Key moments
- DXY recovers to approximately 103.55, rebounding from a four-month low.
- Technical analysis indicates an oversold RSI, suggesting potential consolidation.
- Key support identified in the 103.00-103.10 range, with resistance at 104.40.
DXY Technicals: 103.55 Rebound, Support at 103.00, Resistance at 104.40
The US Dollar Index (DXY), which measures the dollar’s value against a basket of six major currencies, has experienced a recovery, climbing to near 103.55 in early European trading. This rebound follows a dip to around 103.20, a four-month low. However, despite this upward movement, concerns regarding a potential US economic slowdown and the broader impact of tariffs on global economic growth are tempering expectations for sustained gains.
Technical analysis of the DXY daily chart reveals a persistent bearish sentiment, with the index remaining below the 100-day Exponential Moving Average (EMA).
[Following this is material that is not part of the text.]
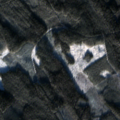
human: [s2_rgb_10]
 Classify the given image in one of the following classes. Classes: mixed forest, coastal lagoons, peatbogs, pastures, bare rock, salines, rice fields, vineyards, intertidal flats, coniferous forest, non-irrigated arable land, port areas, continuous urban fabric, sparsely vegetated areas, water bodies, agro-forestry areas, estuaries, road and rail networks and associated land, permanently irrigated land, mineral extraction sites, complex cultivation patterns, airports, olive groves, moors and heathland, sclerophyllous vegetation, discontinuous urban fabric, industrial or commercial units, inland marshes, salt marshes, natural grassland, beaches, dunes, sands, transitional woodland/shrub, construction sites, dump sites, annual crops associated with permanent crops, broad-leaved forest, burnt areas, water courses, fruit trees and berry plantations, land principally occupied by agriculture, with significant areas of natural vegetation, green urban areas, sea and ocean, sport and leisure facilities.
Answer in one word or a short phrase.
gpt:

The 14-day Relative Strength Index (RSI) reinforces this downward momentum, positioning itself below the midline. Nevertheless, the RSI’s oversold condition suggests the possibility of a period of consolidation before any further depreciation of the DXY. This indicates a potential for short term sideways price action.
The 103.00-103.10 zone has emerged as a crucial support level, coinciding with the lower boundary of the Bollinger Band and a significant psychological threshold. A breach of this support could lead to further declines, with subsequent support identified at 102.27 and 100.53. Conversely, resistance is noted at 104.40, and a break above this level could pave the way for a move towards 106.35 and potentially 107.38. The market is weighing the technical signals against the underlying economic concerns, creating a complex picture for the DXY’s near-term trajectory.